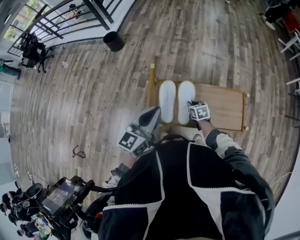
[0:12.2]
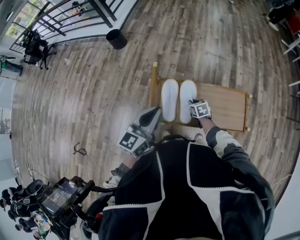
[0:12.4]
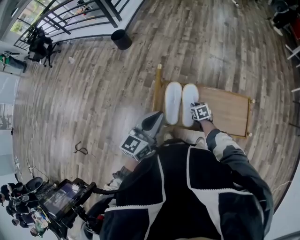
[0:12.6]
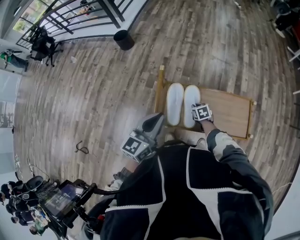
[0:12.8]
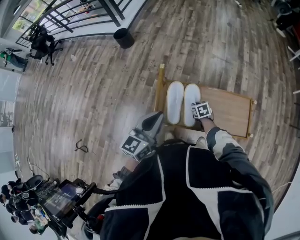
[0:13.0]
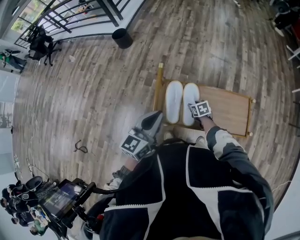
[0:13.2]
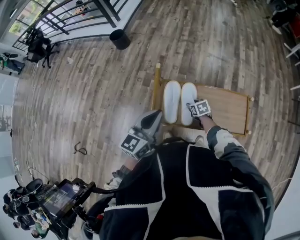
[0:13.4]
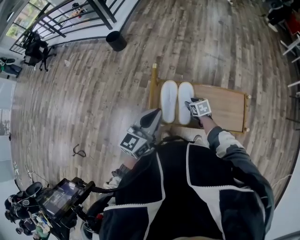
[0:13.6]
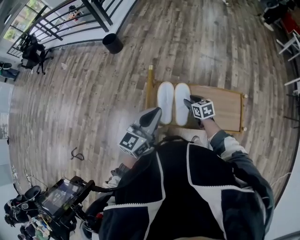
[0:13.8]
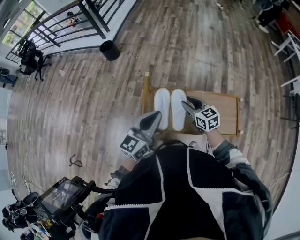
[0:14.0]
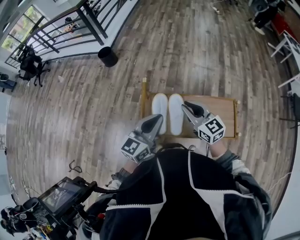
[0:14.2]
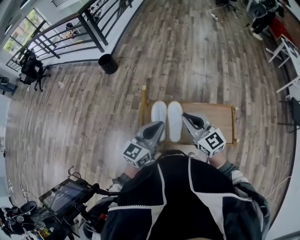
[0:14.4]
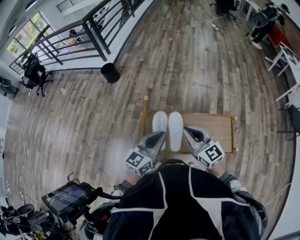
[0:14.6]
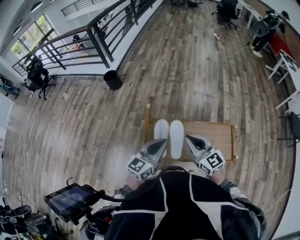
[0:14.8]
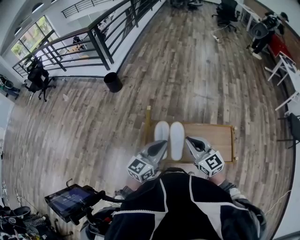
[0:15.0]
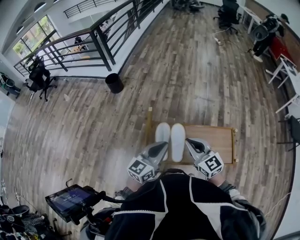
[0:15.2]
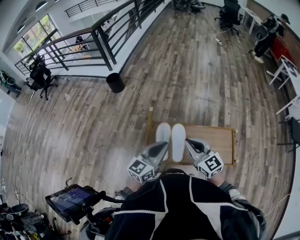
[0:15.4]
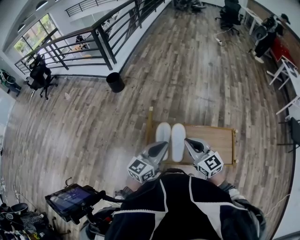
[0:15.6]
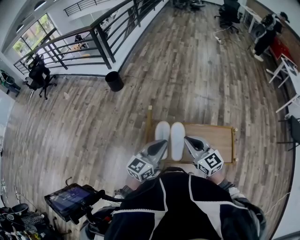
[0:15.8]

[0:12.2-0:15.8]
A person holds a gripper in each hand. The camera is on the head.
........
→ **Your goal**:
Repeat every record above exactly, but drop the pictures.

→ **Task result**:
[0:12.2]
[0:12.4]
[0:12.6]
[0:12.8]
[0:13.0]
[0:13.2]
[0:13.4]
[0:13.6]
[0:13.8]
[0:14.0]
[0:14.2]
[0:14.4]
[0:14.6]
[0:14.8]
[0:15.0]
[0:15.2]
[0:15.4]
[0:15.6]
[0:15.8]

[0:12.2-0:15.8]
A person holds a gripper in each hand. The camera is on the head.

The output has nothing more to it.